The Rimmer cleared his throat. “I’m David Kountché,” he said. “My identification—”
Which was connex, of course, and Officer Kountché colored under his café-au-lait complexion when he realized the reason for Jean’s slight, incurious smile. He dug into his hip bag and came up with a warrant card, holoplastic, chipped at one edge, with his retinal print and image indelibly recorded on the surface. He was, Jean reassessed, a Dayvid with a y.
“If you’d like to come in, you have to take your shoes off,” Jean said, handing back the warrant card.
“I’m sorry?”
“No shoes in the house,” Lucienne said. She pushed past Jean and came out under the awning. Kountché stepped back to give her room, without seeming to realize that he’d handed her control of the situation. Lucienne continued, “And unless you have a warrant, I’ll have to ask you both to power down. Jean has a religious objection to connex in his home. Do you want me to come out instead?”

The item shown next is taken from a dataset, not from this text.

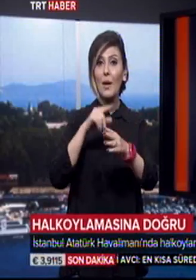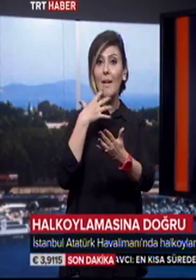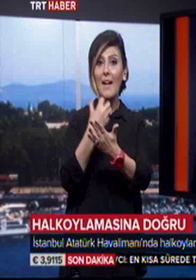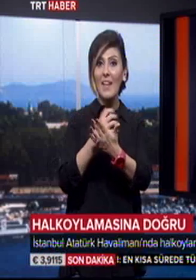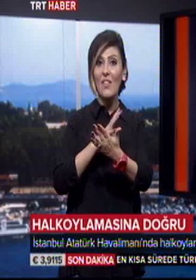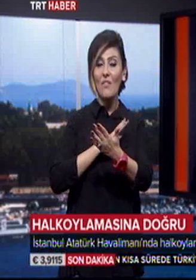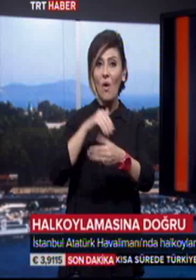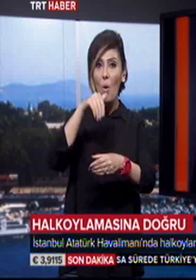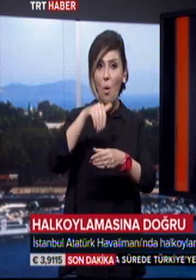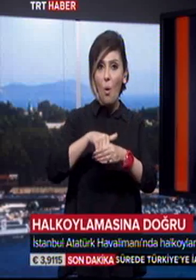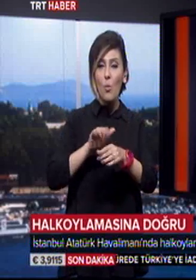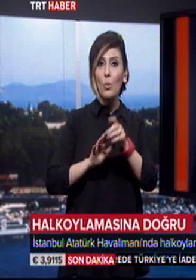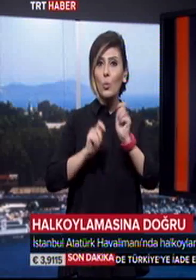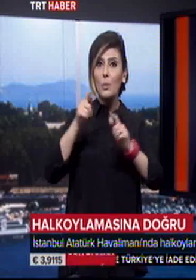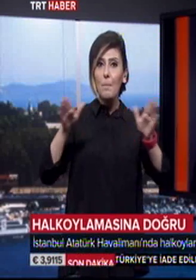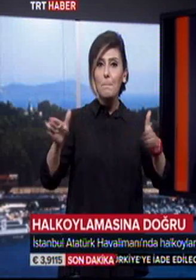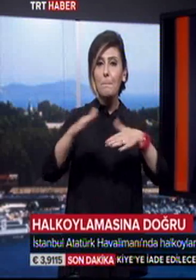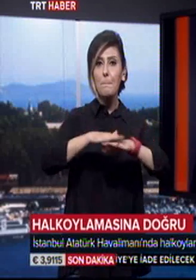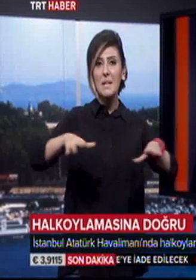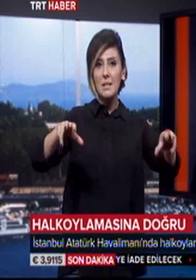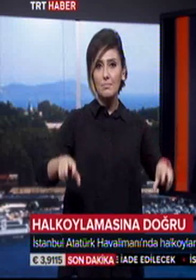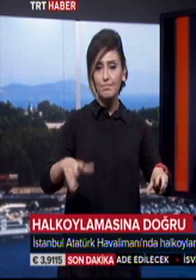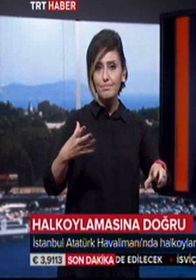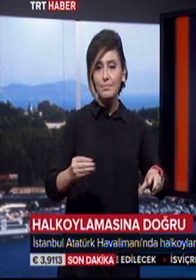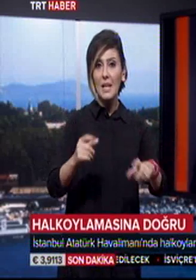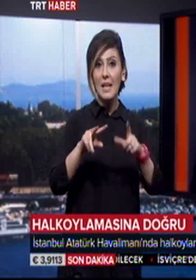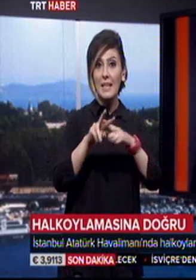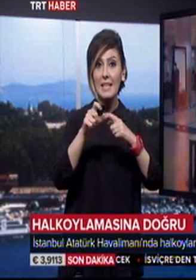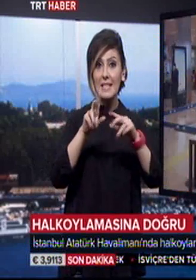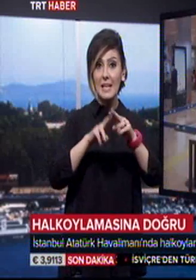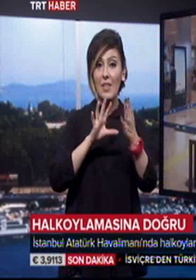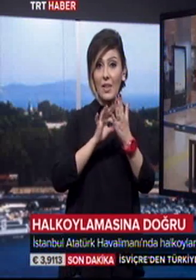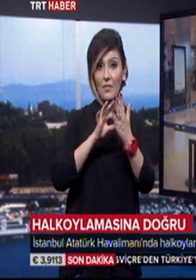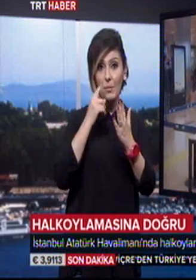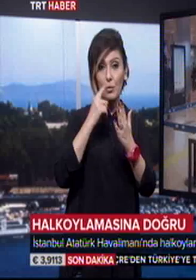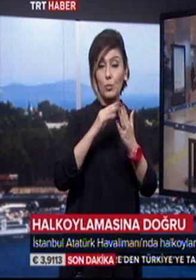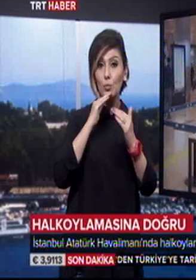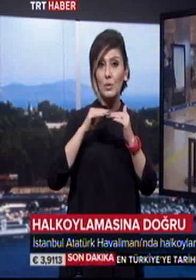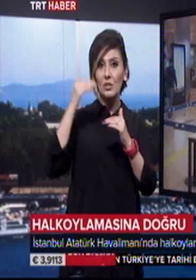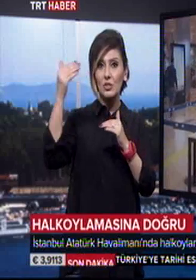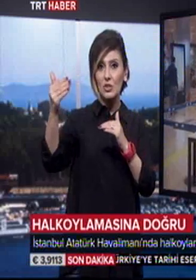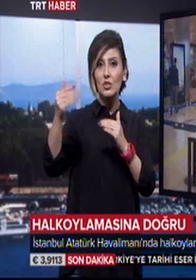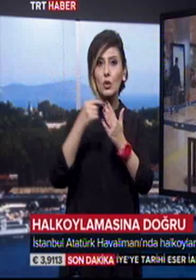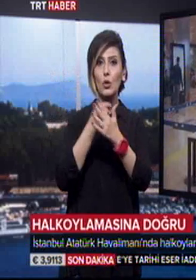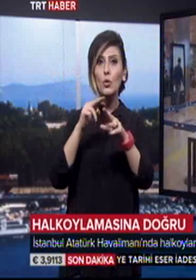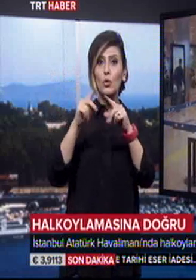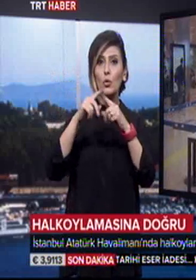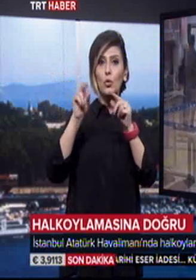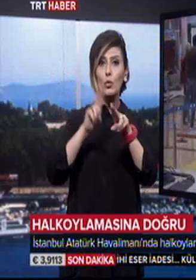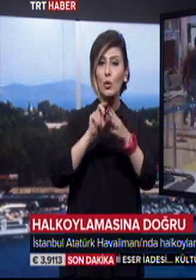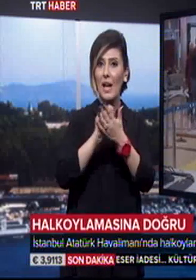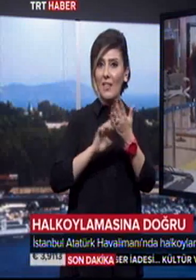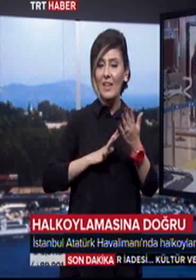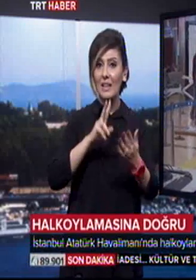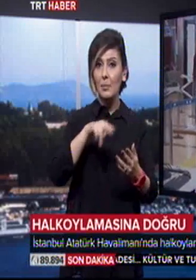kullanacağı alanlara masalar yerleştirildi. Yüksek Seçim Kurulu takvimine göre yurt dışı seçmen kütüğüne kayıtlı olanlar 27

“We didn’t say it was you we needed to speak to, ma’am,” the Rimmer said. Jean could not fault him on politeness, anyway. Which wasn’t as rare a trait as you might expect, in cops.
“No, but you talked around me, so I guessed. Coming in or staying out? And who might your partner be?”
Officer Kountché cleared his throat. And, gamely, sat down on the plascrete steps and touched open the tabs on his shoes. “Officer Garnet Spencer, ma’am,” he said, and Officer Spencer tapped his sunshade just below the speckled band. Lucienne was too much of a lady to show it publicly, but Jean Kroc echoed her concealed wince. Somebody’s mother had watched too many romances.